= RECORDS SUPPLIED =
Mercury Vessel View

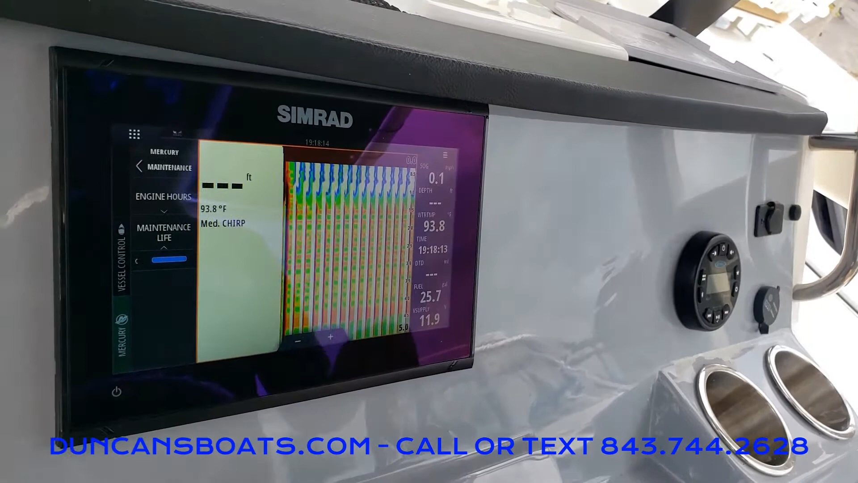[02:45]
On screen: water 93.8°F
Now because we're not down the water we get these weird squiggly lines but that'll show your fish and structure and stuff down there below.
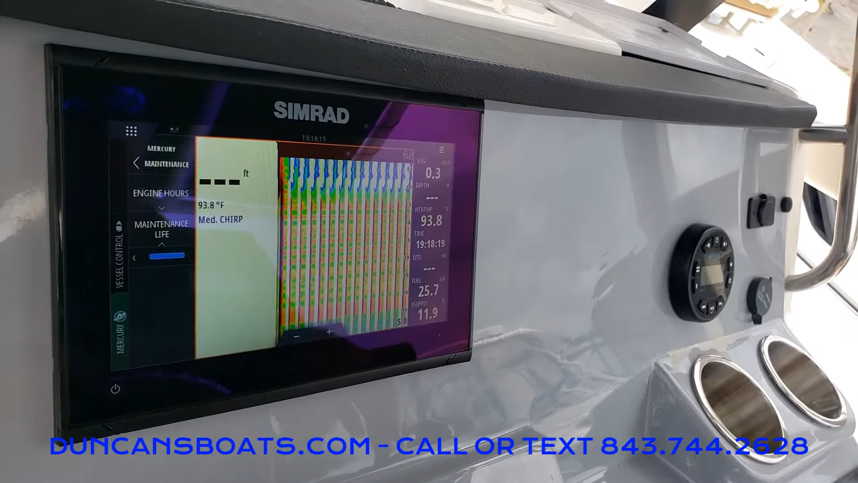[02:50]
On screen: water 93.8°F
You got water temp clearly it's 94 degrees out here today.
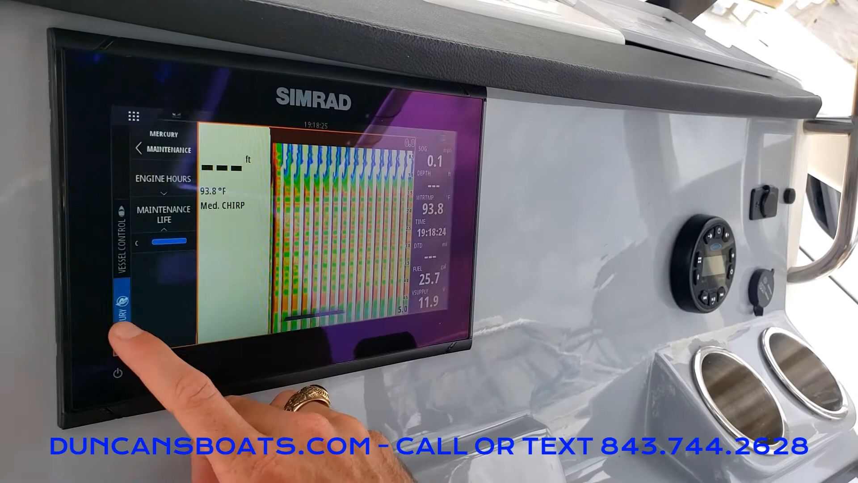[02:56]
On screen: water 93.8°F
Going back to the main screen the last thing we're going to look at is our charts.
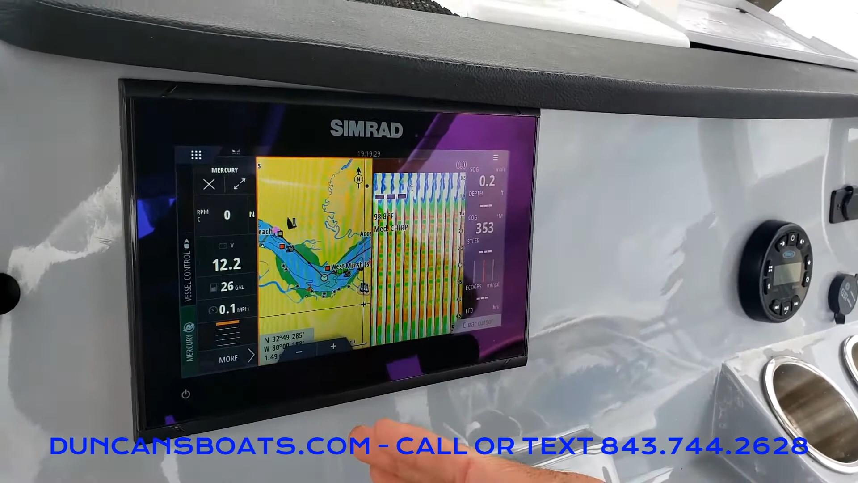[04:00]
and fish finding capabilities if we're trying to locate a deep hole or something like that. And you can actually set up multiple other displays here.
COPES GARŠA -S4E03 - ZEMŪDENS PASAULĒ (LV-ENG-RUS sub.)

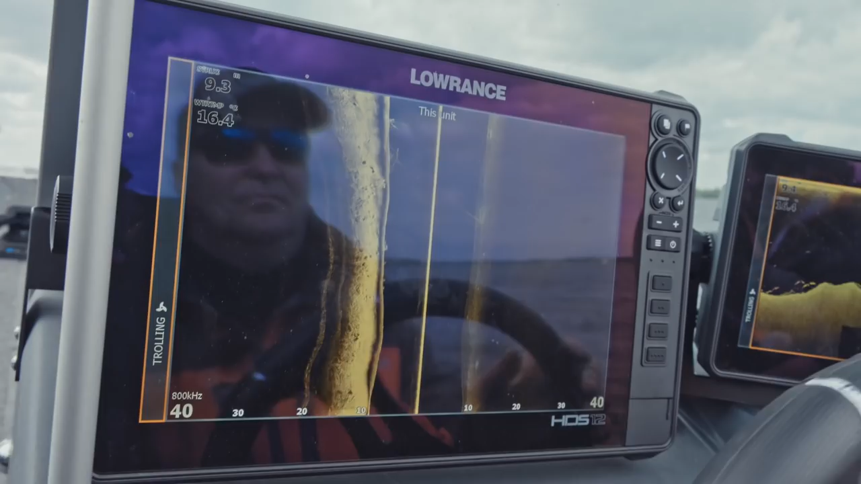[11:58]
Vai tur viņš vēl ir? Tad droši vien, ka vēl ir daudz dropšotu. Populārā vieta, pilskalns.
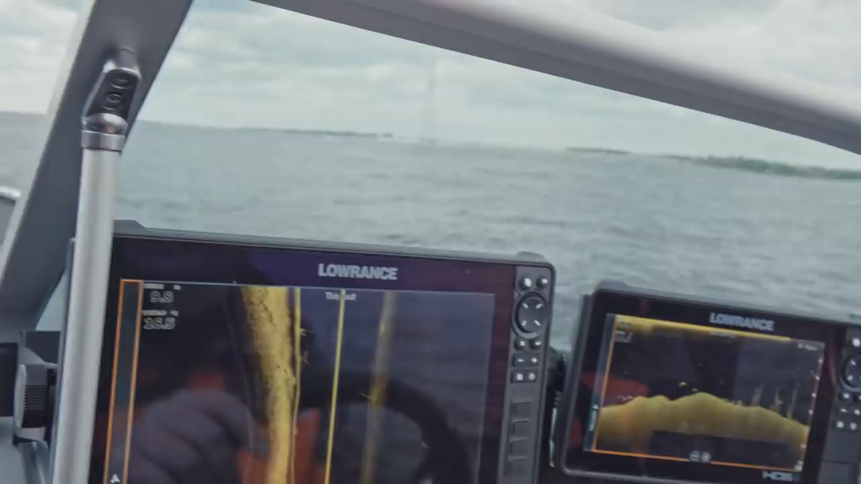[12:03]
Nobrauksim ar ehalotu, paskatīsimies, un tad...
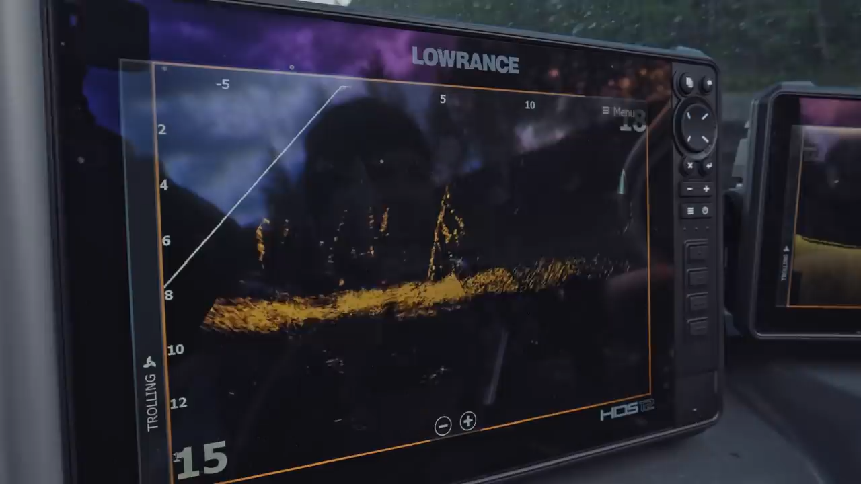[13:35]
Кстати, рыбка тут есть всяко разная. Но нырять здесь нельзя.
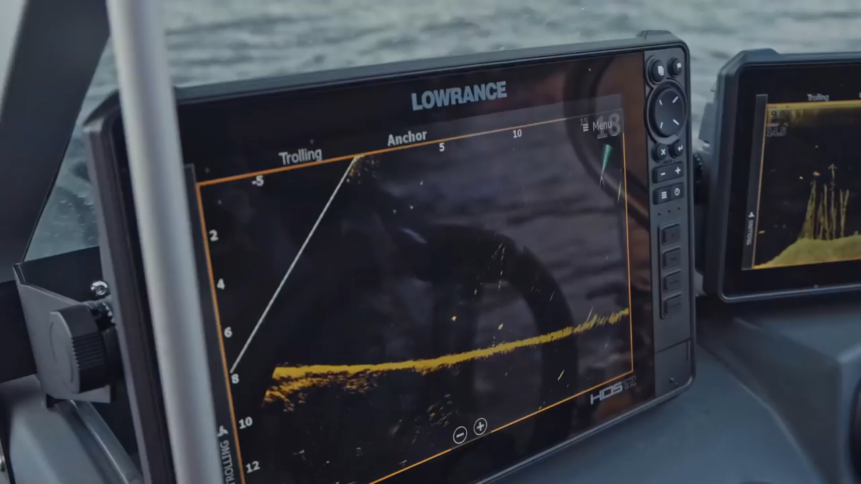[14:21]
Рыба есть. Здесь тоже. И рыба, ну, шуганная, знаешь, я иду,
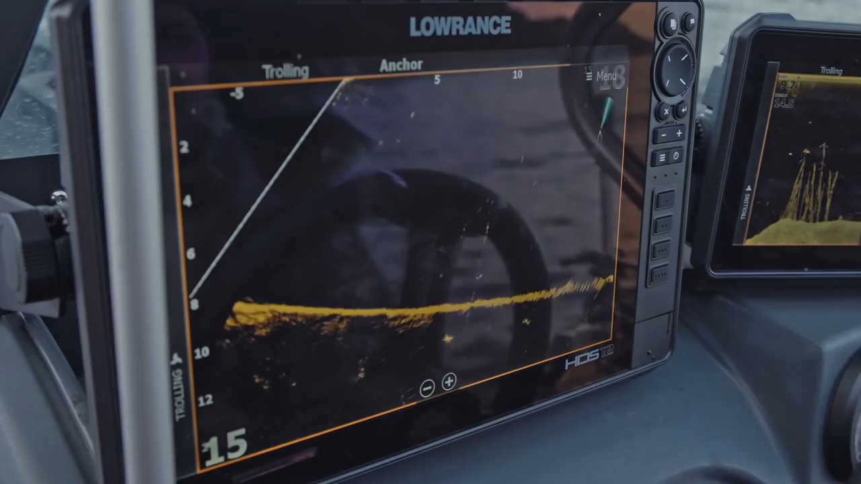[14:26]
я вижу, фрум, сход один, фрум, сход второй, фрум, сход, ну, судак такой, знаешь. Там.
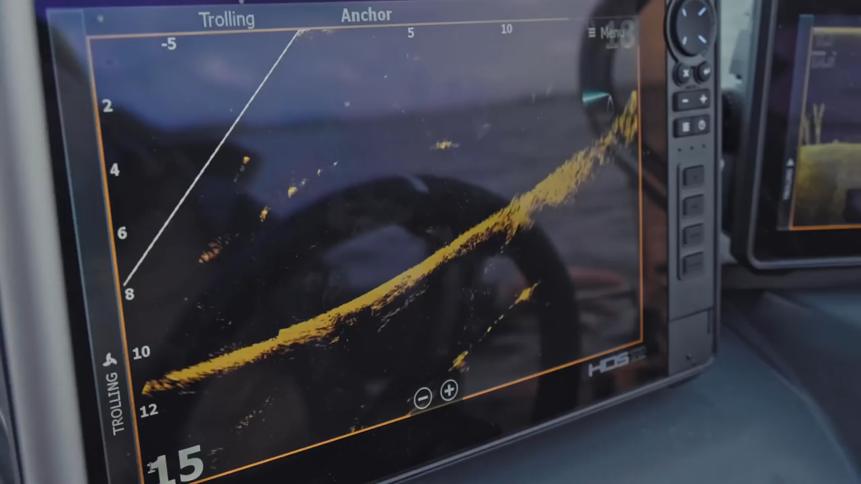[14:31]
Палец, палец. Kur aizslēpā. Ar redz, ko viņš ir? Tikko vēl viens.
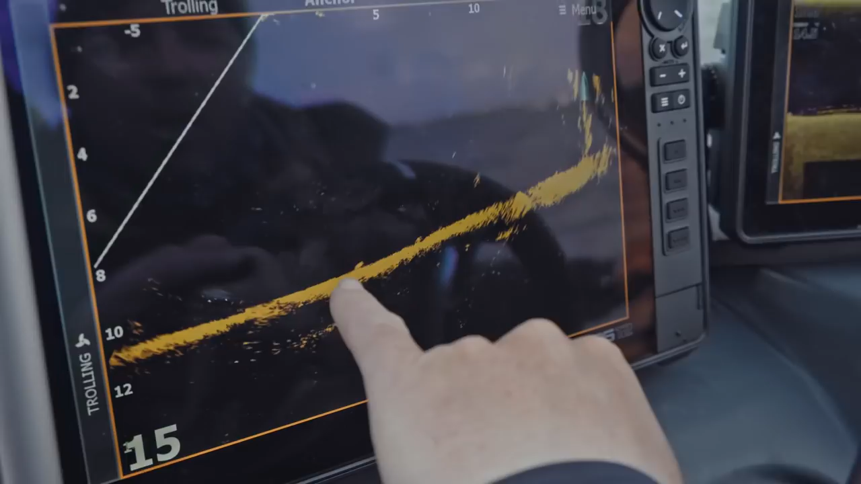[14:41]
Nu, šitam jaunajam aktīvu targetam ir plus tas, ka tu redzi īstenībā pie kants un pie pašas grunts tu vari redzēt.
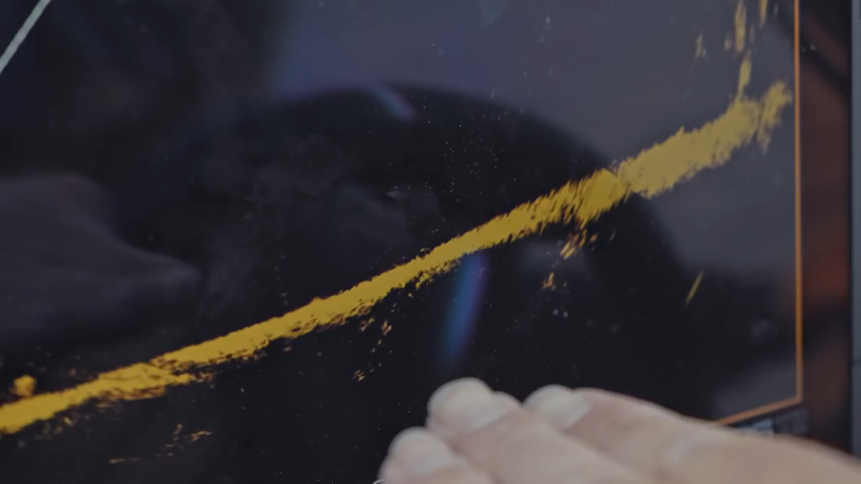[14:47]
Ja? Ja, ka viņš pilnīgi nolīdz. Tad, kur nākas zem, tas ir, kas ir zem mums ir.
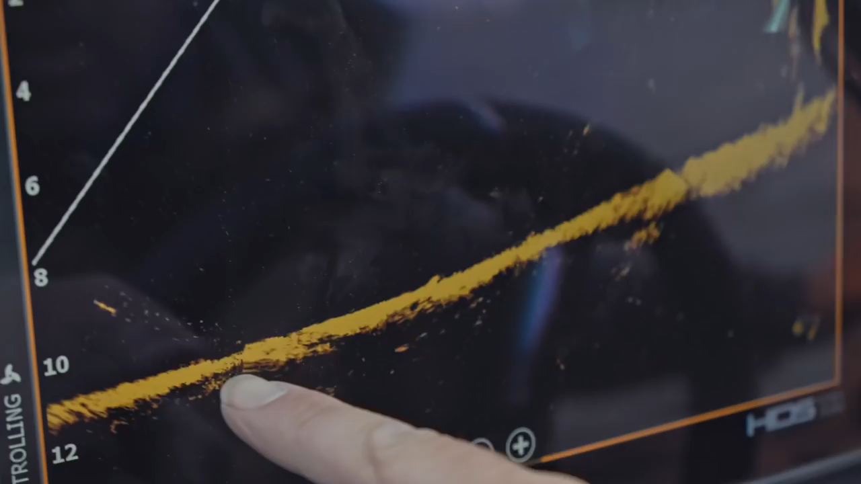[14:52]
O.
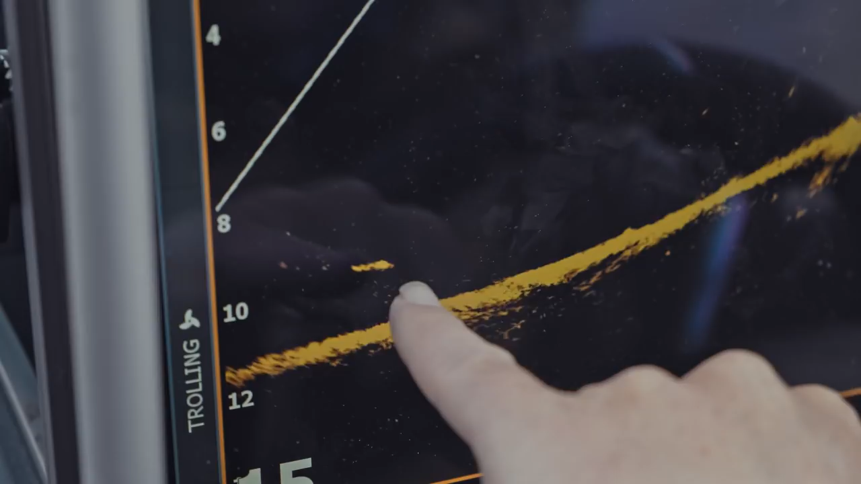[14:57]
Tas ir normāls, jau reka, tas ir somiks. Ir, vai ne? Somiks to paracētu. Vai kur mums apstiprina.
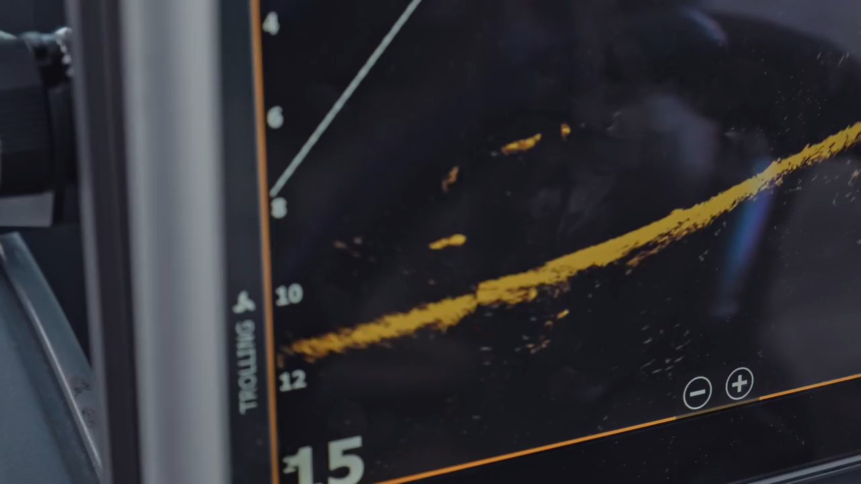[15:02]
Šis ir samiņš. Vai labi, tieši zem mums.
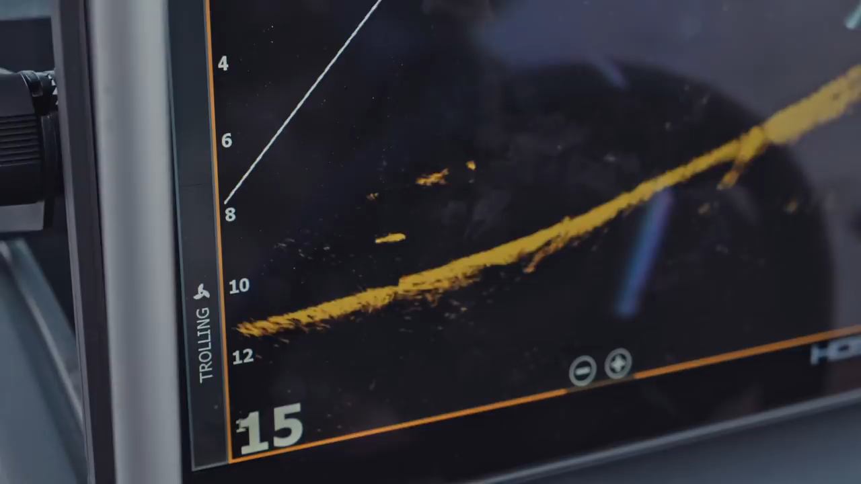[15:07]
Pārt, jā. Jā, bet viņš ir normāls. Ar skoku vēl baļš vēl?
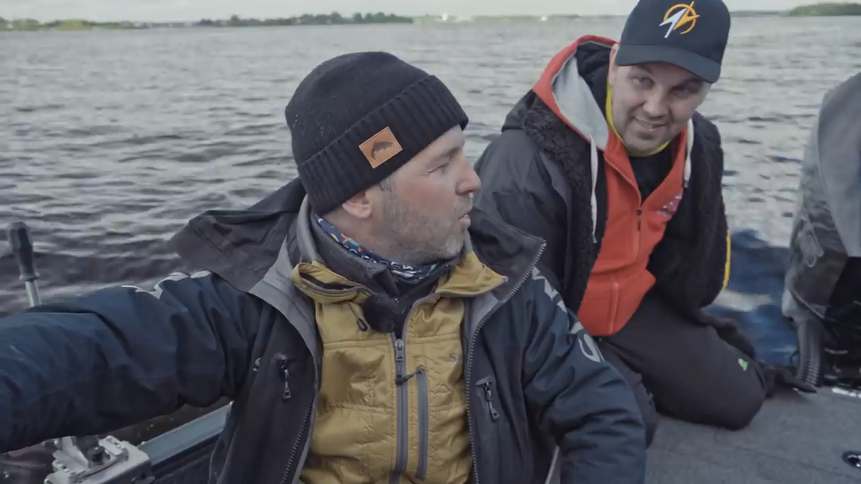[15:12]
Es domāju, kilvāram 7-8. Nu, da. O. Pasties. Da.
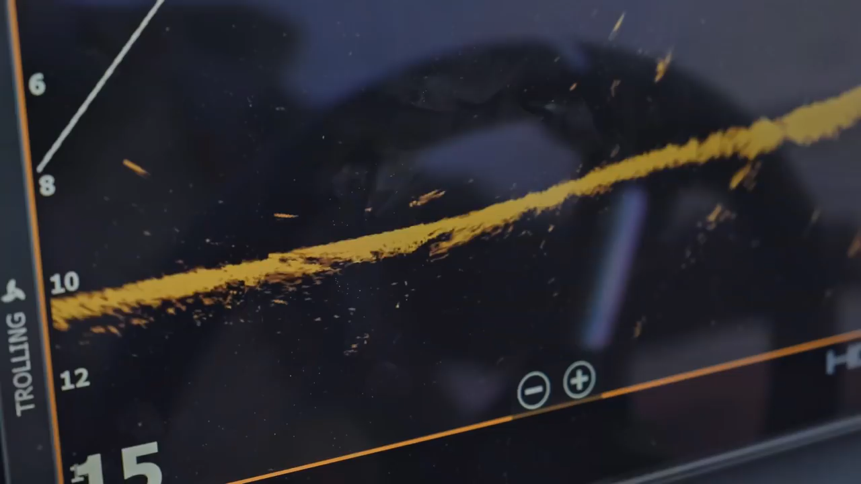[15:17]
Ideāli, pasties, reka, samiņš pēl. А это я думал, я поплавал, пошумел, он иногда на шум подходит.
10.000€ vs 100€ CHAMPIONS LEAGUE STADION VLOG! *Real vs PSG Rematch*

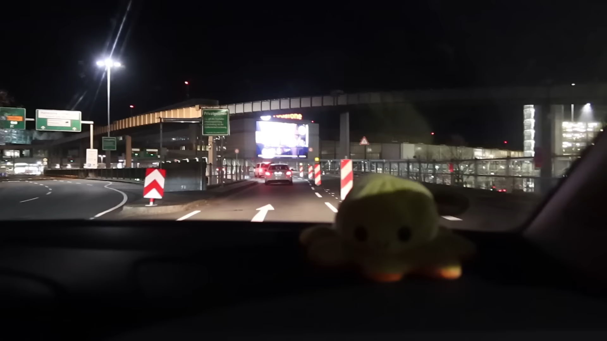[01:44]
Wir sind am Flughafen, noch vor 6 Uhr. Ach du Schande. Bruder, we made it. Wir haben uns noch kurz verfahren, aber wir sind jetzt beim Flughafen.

= GOAL OF THE EXERCISE =
Repeat the listing above in full, exactly, and omit its pictures.

= THE COMPLETED TASK =
Mercury Vessel View

[02:45]
On screen: water 93.8°F
Now because we're not down the water we get these weird squiggly lines but that'll show your fish and structure and stuff down there below.
[02:50]
On screen: water 93.8°F
You got water temp clearly it's 94 degrees out here today.
[02:56]
On screen: water 93.8°F
Going back to the main screen the last thing we're going to look at is our charts.
[04:00]
and fish finding capabilities if we're trying to locate a deep hole or something like that. And you can actually set up multiple other displays here.
COPES GARŠA -S4E03 - ZEMŪDENS PASAULĒ (LV-ENG-RUS sub.)

[11:58]
Vai tur viņš vēl ir? Tad droši vien, ka vēl ir daudz dropšotu. Populārā vieta, pilskalns.
[12:03]
Nobrauksim ar ehalotu, paskatīsimies, un tad...
[13:35]
Кстати, рыбка тут есть всяко разная. Но нырять здесь нельзя.
[14:21]
Рыба есть. Здесь тоже. И рыба, ну, шуганная, знаешь, я иду,
[14:26]
я вижу, фрум, сход один, фрум, сход второй, фрум, сход, ну, судак такой, знаешь. Там.
[14:31]
Палец, палец. Kur aizslēpā. Ar redz, ko viņš ir? Tikko vēl viens.
[14:41]
Nu, šitam jaunajam aktīvu targetam ir plus tas, ka tu redzi īstenībā pie kants un pie pašas grunts tu vari redzēt.
[14:47]
Ja? Ja, ka viņš pilnīgi nolīdz. Tad, kur nākas zem, tas ir, kas ir zem mums ir.
[14:52]
O.
[14:57]
Tas ir normāls, jau reka, tas ir somiks. Ir, vai ne? Somiks to paracētu. Vai kur mums apstiprina.
[15:02]
Šis ir samiņš. Vai labi, tieši zem mums.
[15:07]
Pārt, jā. Jā, bet viņš ir normāls. Ar skoku vēl baļš vēl?
[15:12]
Es domāju, kilvāram 7-8. Nu, da. O. Pasties. Da.
[15:17]
Ideāli, pasties, reka, samiņš pēl. А это я думал, я поплавал, пошумел, он иногда на шум подходит.
10.000€ vs 100€ CHAMPIONS LEAGUE STADION VLOG! *Real vs PSG Rematch*

[01:44]
Wir sind am Flughafen, noch vor 6 Uhr. Ach du Schande. Bruder, we made it. Wir haben uns noch kurz verfahren, aber wir sind jetzt beim Flughafen.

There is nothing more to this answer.